Please help me understand this comparison problem

Please help me understand this comparison problem


Assign the variables to values so that the following statements evaluate as described:

// Expression A
(x + y) > z || a == b || ((l || m) && n) // resolves to true

// Expression B
!!n && (x + y + z) && a // resolves to false

// Expression C
m[n].length + n === 1 // resolves to true

let a = 1;
let b = 1;
let l = 0;
let m = 1;
let n = 0;
let x = 1;
let y = 1;
let z = 1;

I don’t understand why I have a problem in the console with the .length property. I don’t even understand how (x + y + z) in expression B can be true or false. Please someone help me out.


The operands for && and || don’t necessarily have to be explicitly true or false. What matters is their “truthiness” (i.e., whether they convert to true or false). It’s perfectly valid to have something like (x + y + z) as their operand.

m is a number. As far as I know, using bracket notation on a number is meaningless (unlike in strings, arrays, or objects), and you get undefined, which has no properties (like length) whatsoever


So there is a problem with this problem then?

And how can (x + y + z) not be true? Wouldn’t numbers always be true?


Not if x+y+z evaluates to 0 I believe.



this problem looks cool. Where did you find it?

I was looking at your m[n] line. It looks like m should be an array or a string?
and n should also be a number?
so for eg.

let m = “11”;
let n = 0;

if we plug those into expression c we get:
m[n].length + n

m[n] is m[0] which is 1
1.length is 1
1 + n is
1 + 0
which is 1

something like that?


“m[0] which is 1”

And as stated before, the .length property won’t work on a number.


sorry it was a string , see the edited comment for my


Where did this problem come from? Is it on the web? Do you have a link to it?


In the following expression (taken from what you post), the overall expression evaluates to false, because when all the operators are &&, it only takes a single false to make the entire expression false.

!!n && (x + y + z) && a

Yes, the (x + y + z) which is 3 evaluates to true
Yes, the a which is 1 evaluates to true
However, the !!n evaluates to false, because n is 0 which is false, but the ! to the left makes it true and then the other ! to the left negates the true to become false again.

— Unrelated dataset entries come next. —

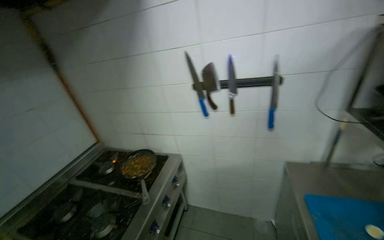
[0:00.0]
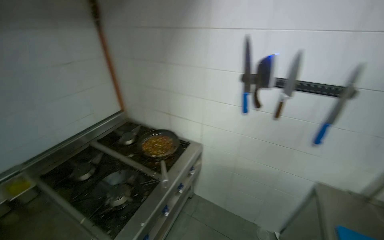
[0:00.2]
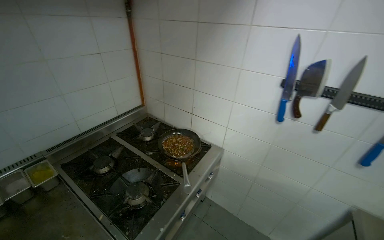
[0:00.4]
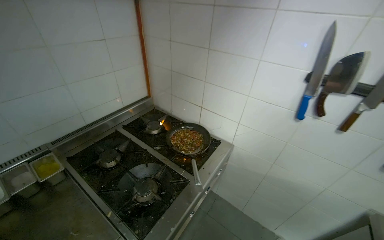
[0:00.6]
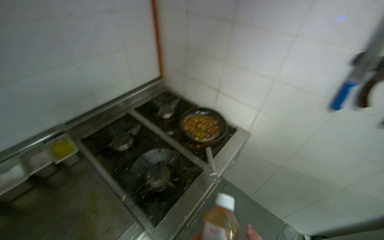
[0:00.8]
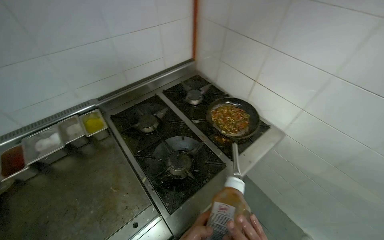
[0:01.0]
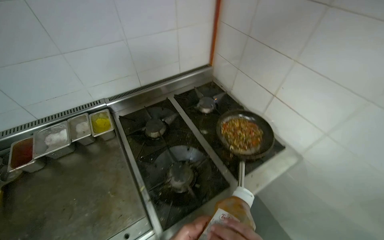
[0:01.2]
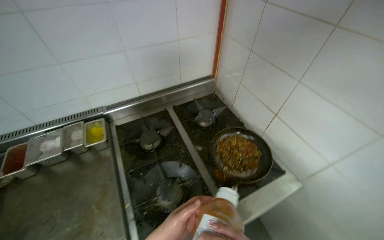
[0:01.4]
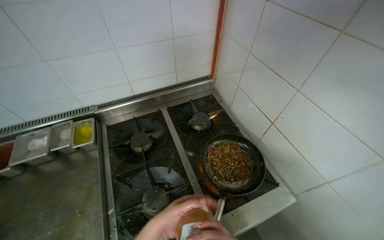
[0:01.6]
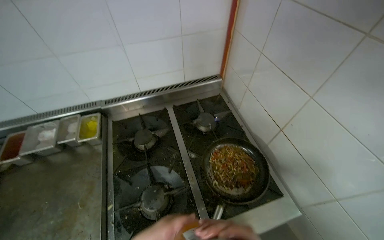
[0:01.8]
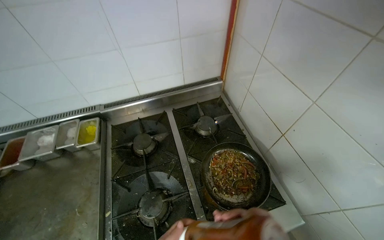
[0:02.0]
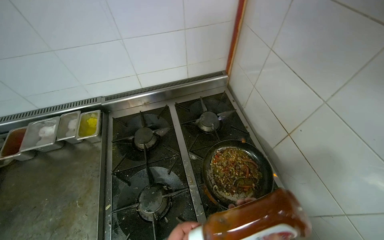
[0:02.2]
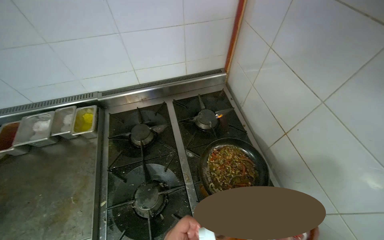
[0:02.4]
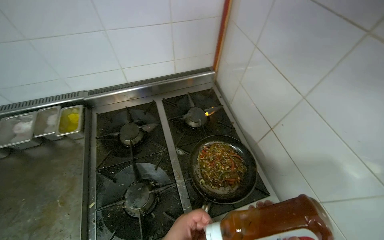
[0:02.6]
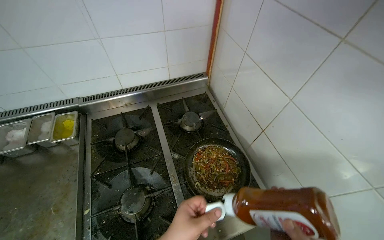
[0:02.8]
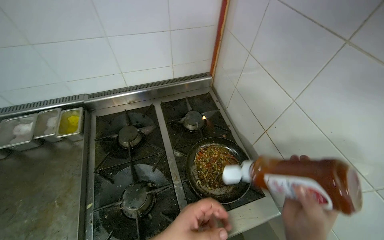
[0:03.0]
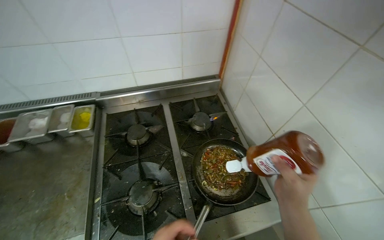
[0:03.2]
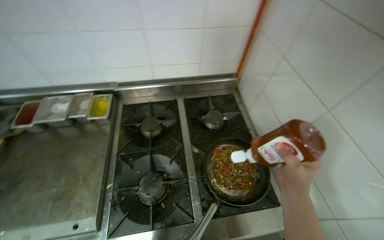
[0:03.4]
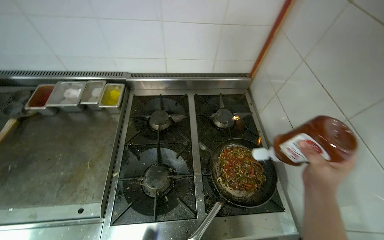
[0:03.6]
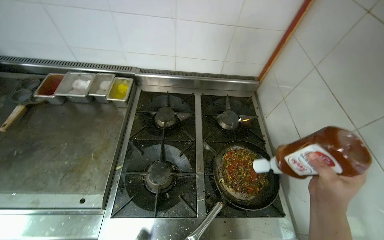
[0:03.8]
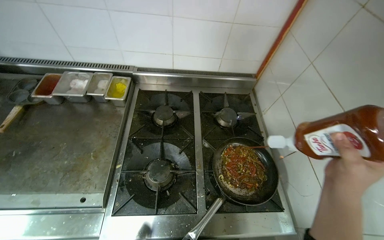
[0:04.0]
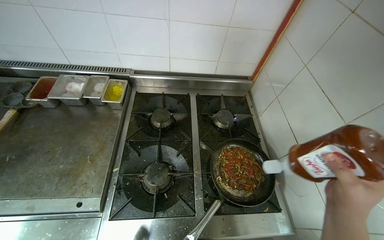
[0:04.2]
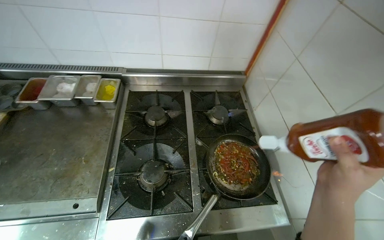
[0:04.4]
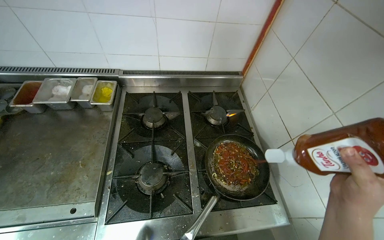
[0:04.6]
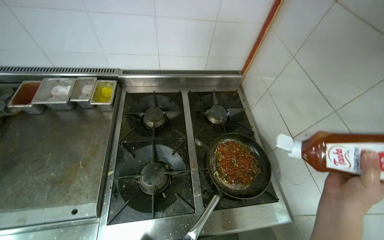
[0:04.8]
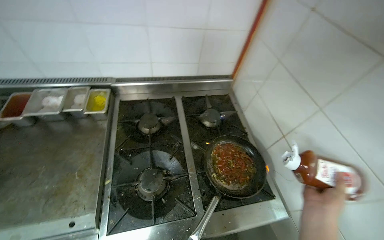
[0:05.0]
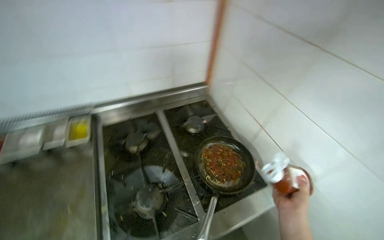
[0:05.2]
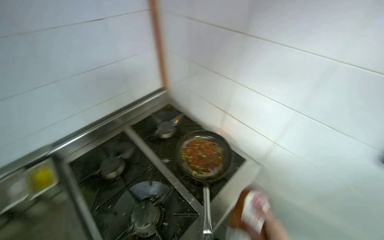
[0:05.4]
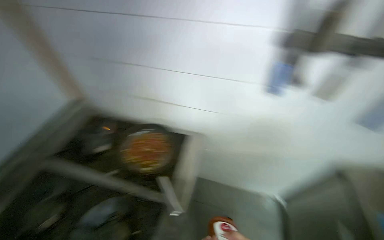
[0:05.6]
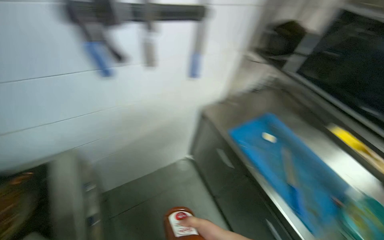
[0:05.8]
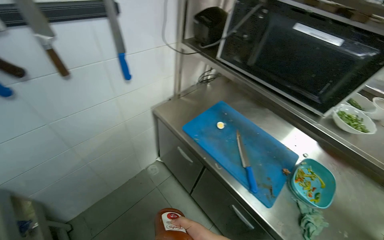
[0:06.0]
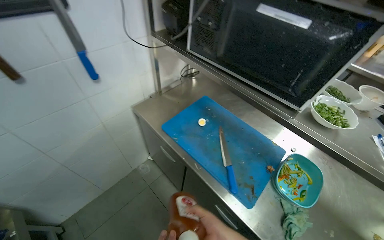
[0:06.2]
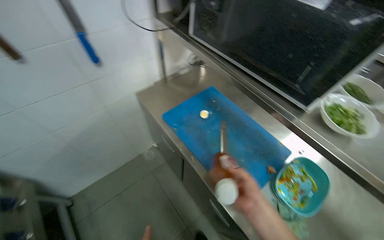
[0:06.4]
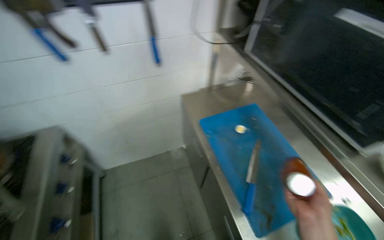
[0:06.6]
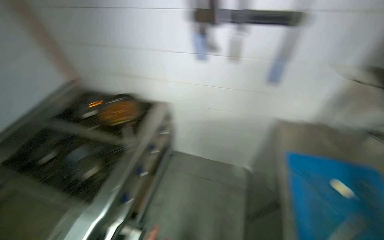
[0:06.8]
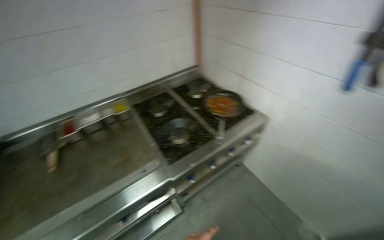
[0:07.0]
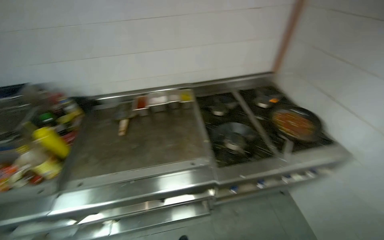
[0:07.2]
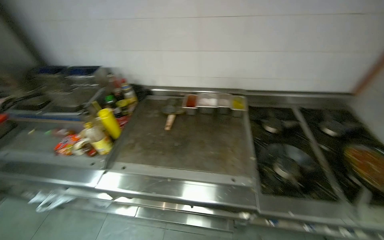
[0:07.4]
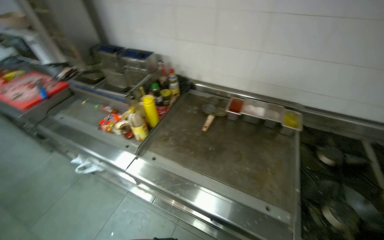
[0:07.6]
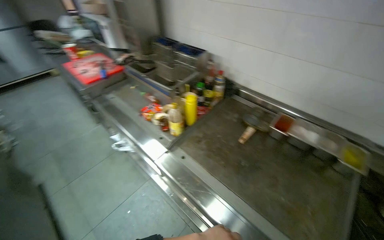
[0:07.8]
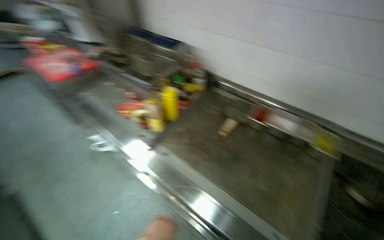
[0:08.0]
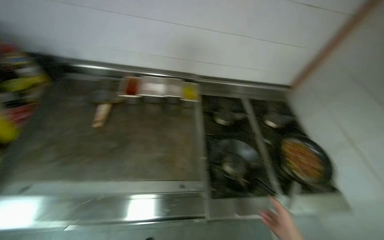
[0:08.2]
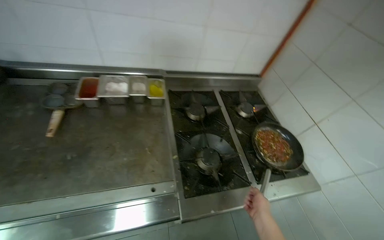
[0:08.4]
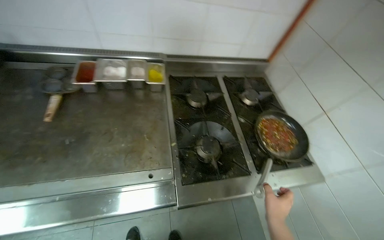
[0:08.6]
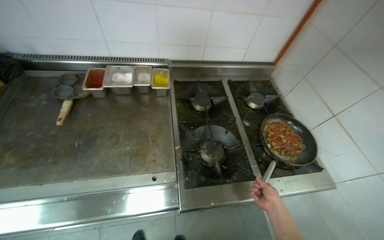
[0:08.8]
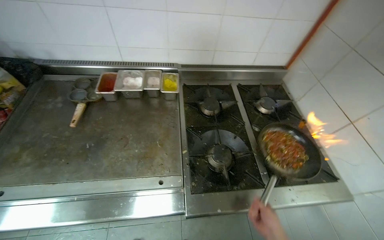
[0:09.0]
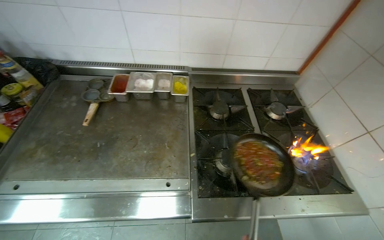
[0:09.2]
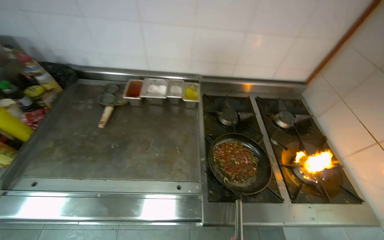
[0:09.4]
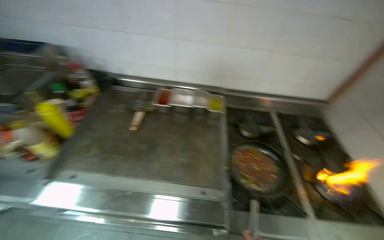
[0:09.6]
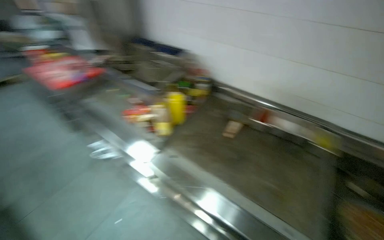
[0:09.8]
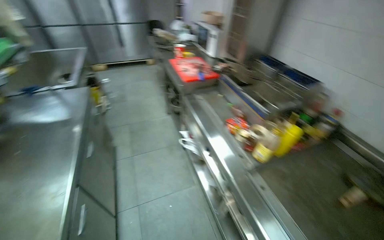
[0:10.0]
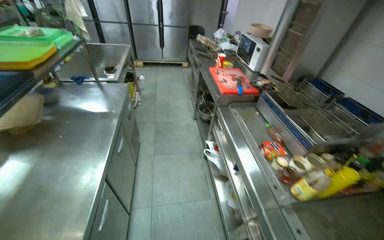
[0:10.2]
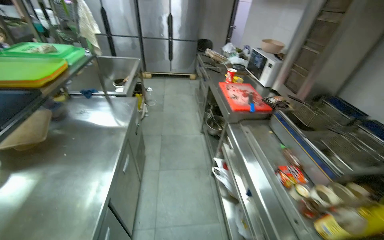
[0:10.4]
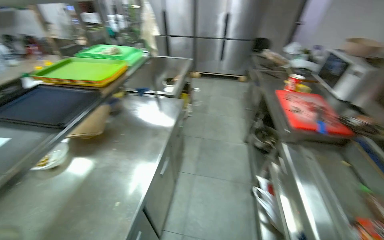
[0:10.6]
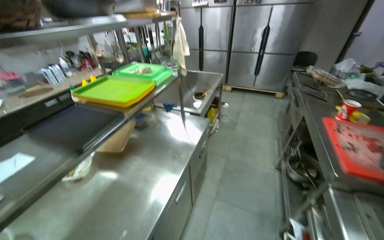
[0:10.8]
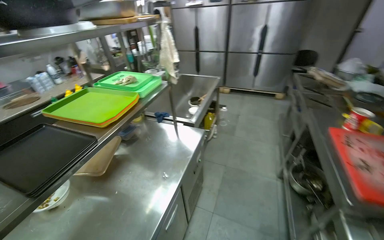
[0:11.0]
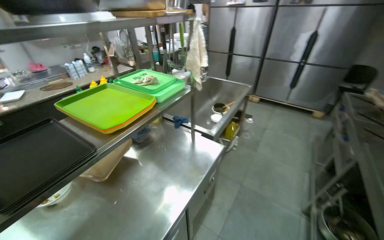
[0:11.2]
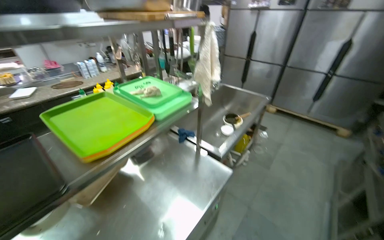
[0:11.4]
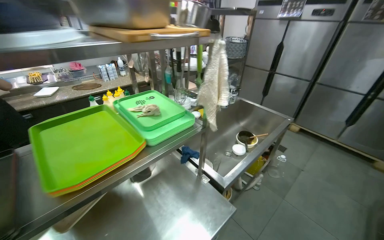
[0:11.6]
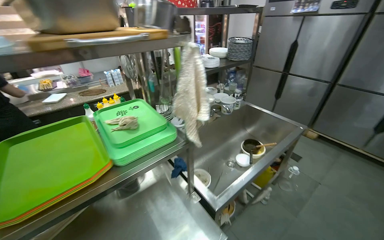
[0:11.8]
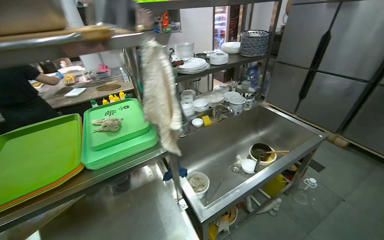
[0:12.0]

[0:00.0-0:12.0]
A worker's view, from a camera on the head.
Job: cooking food.
The whole recording: Cooking food in pan. The worker adds ingredients to a pan and stirs them on the stove.
0:00.0 to 0:01.6: The camera is carried about 70 cm. The head turns to the left by roughly 50 degrees. The wearer looks some 25 degrees further downward.
0:04.4 to 0:06.0: The head turns to the right by some 110 degrees.
0:06.0 to 0:07.6: The head travels some 60 cm. The head turns to the left by roughly 160 degrees.
0:10.4 to 0:12.0: The camera travels approximately 1 m. The wearer looks roughly 70 degrees further to the left.

I asked the OP as well and he said it was from a bootcamp he will be participating in. Still wondering though why they are giving the OP questions before the bootcamp starts.


There are many ways to solve this. Starting from your current values, you can solve the challenge by changing one of the variables. You need to change it to an array, and you need to add at least one element to that array, and that element also can’t be a number (the element could be a string or another array nested inside the first).